Wordless Wednesday....Soppin' the Beaters

Hamp helped to sop the beaters...


Wednesday, June 12, 2013

Wordless Wednesday...Holding up Traffic

Bringing home our new Allis Chambler 60 All Crop




Friday, June 7, 2013

The Feed Wagon

Knox is always looking for ways to drive any and everything that has wheels around the farm!

This is what he has been doing with the feed wagon when we get back from the pasture...


Anybody else have flashes of Forrest Gump???

Wednesday, June 5, 2013

Wordless Wednesday....Who is Number 6?

Hamp is telling us the names of all the different engines in Thomas and Friends.
Pay attention to the name of the number 6 engine...




Percy is engine Number 6.

Friday, May 31, 2013

Last Day of Pre-Pre School

Hamp went to school this year, be it only 3 days a week.   We enrolled him in the 3 year old class at First Baptist Church Preschool.  He loved it!  

We weren't sure how he was going to adjust but he was a pro!  Hamp has speech problems that make it hard for you to understand what he is trying to say.   It can be frustrating for him but he as learned to cope with making you understand what he is saying.   He started speech therapy going once a week.   As the school year went on, he started talking more and more.  The amazing thing was that you could understand what he was saying!  

Between his speech therapist, Ms. Jennifer and his 3 year old teacher, Mrs. Karen,  Hamp has become a chatter box!  Ms. Jennifer would give Hamp homework that we worked on at home and Mrs. Karen also worked on them at school.  All of this has made it easier to understand most of what he says now.  He has become more adventurous in trying more complex words and sentences.  From this we have found a little Einstein!  Hamp constantly tell us his numbers and letters.  Colors are his favorite way to describe everything he sees.

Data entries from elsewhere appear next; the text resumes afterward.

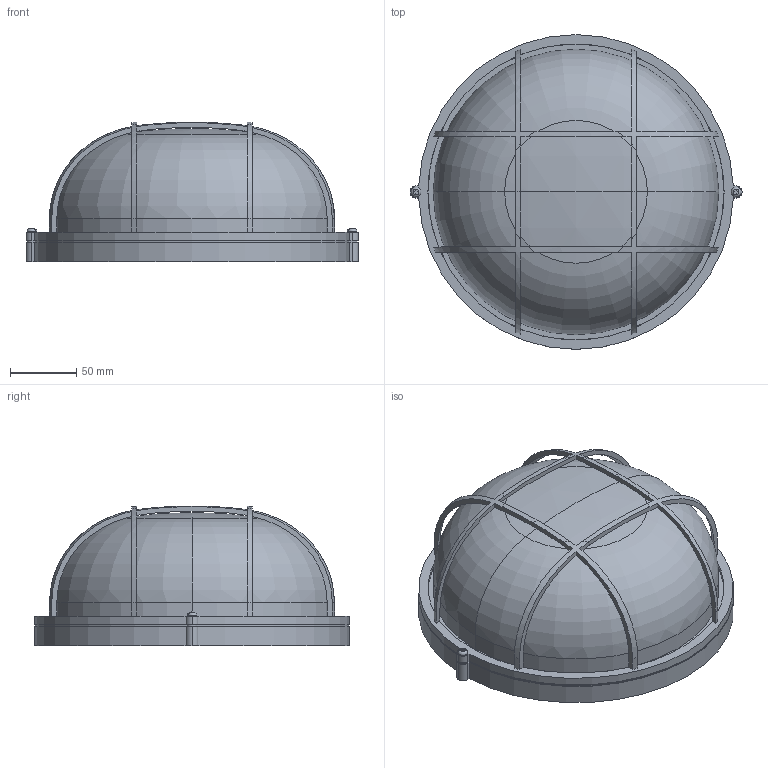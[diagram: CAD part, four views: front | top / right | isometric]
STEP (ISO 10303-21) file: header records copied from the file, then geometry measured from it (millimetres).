
FILE_DESCRIPTION (( 'STEP AP214' ), '1' );
FILE_NAME ('LNPP0-1102-1-100-K02 Ñâåòèëüíèê ÍÏÏ1102 ÷åðíûé_êðóã ñ ðåø.100Âò IP54 ÈÝÊ.STEP', '2017-06-23T07:43:50', ( '' ), ( '' ), 'SwSTEP 2.0', 'SolidWorks 2014', '' );
FILE_SCHEMA (( 'AUTOMOTIVE_DESIGN' ));
Length unit declared in the file: millimetre
Products named in the file (1): LNPP0-1102-1-100-K02 Ñâåòèëüíèê ÍÏÏ1102 ÷åðíûé_êðóã ñ ðåø.100Âò IP54  ÈÝÊ
Bounding box: 250 x 237 x 105.4 mm (x, y, z)
Volume: 2983066.9 mm3; surface area: 163960.8 mm2
Topology: 1 solids, 1 shells, 161 faces, 473 edges, 311 vertices
Faces by surface type: plane 82, cylinder 45, torus 20, sphere 14
Entity records: 6737 total; most frequent: CARTESIAN_POINT 2398, ORIENTED_EDGE 946, DIRECTION 885, EDGE_CURVE 473, AXIS2_PLACEMENT_3D 342, VERTEX_POINT 311, LINE 201, VECTOR 201

Every week Hamp would come home with new crafts that he had made.  Watching him learning how to write his letters as been fun!  I am amazed at his ability to go from tracing his name to actually being able to write it!  It's so amazing to watch him grow...

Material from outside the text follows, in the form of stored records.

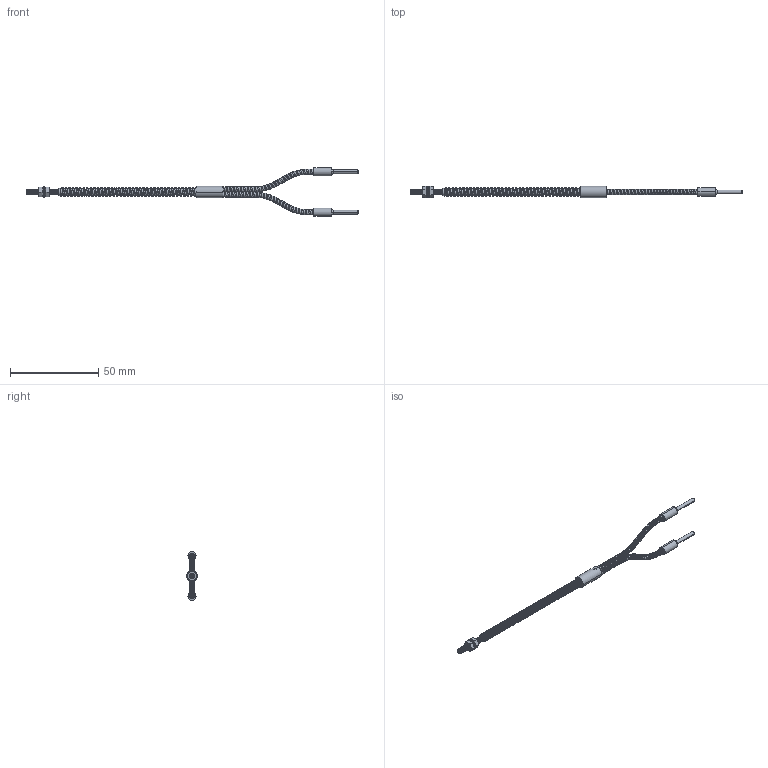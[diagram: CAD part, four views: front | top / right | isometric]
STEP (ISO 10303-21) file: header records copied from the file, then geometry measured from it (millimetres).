
FILE_DESCRIPTION((''),'2;1');
FILE_NAME('211709_ASM','2019-06-25T14:54:03',('pdmadmin'),('BANNER ENGINEERING'),'CREO PARAMETRIC BY PTC INC, 2018300','CREO PARAMETRIC BY PTC INC, 2018300','');
FILE_SCHEMA(('CONFIG_CONTROL_DESIGN'));
Products named in the file (7): 807884_001; 807884_002; 807884_003; 807884_004; 39253; 39254; 211709_ASM
Assembly tree (9 placements, depth 2):
  211709_ASM
    807884_001
    807884_002  x2
    807884_003  x2
    807884_004
    39253  x2
    39254
Bounding box: 188.22 x 6.5 x 27.6 mm (x, y, z)
Volume: 2734.8 mm3; surface area: 4726.2 mm2
Topology: 9 solids, 14 shells, 696 faces, 1831 edges, 1170 vertices
Faces by surface type: bspline 281, cylinder 277, plane 68, torus 56, cone 12, extrusion 2
Entity records: 57851 total; most frequent: CARTESIAN_POINT 46485, ORIENTED_EDGE 2940, EDGE_CURVE 1478, DIRECTION 1355, B_SPLINE_CURVE_WITH_KNOTS 958, VERTEX_POINT 926, EDGE_LOOP 591, FACE_OUTER_BOUND 577

We will miss Hamp not being apart of the Pre School at First Baptist next year.  We are excited that he is so well prepared to start Pre-K at Big A Elementary.  We look forward to seeing how far he goes next year!

Hamp getting his hug from Mrs. Karen.

Wednesday, May 29, 2013

Wordless Wednesday....Grandmoma's Birthday!

We celebrated Grandmoma's 70th Birthday!!





Monday, May 27, 2013

Memorial Day...

Memorial Day is the day to remember the fallen.

This year I not only remember the fallen but two men who came back from war and taught others that war is not all glory.  They taught us that war should not be taken lightly.  They taught us that through the worst of the battles comes great courage and strength...most you never knew you had.

These two men survived some of the worst battles of WWII and taught us that their buddies left behind were the true heroes, not them.  They spent the rest of their lives here on earth telling their stories and those of countless men who never came home.  

These men did this so we would never forget.

I will never forget them...


God Bless You
Jake McNiece and Reed Pelfrey.  

May your first Memorial Day in Heaven be a great day of reunion and peace...

Thursday, May 23, 2013

Honors Day Is Not a Good Day At Our House....

We hate Honors Day at our house!

There I said it!  I hate having to look at the eyes of my child when something is said about Honors Day at school.  I melt...  I cry... I stay away from Facebook...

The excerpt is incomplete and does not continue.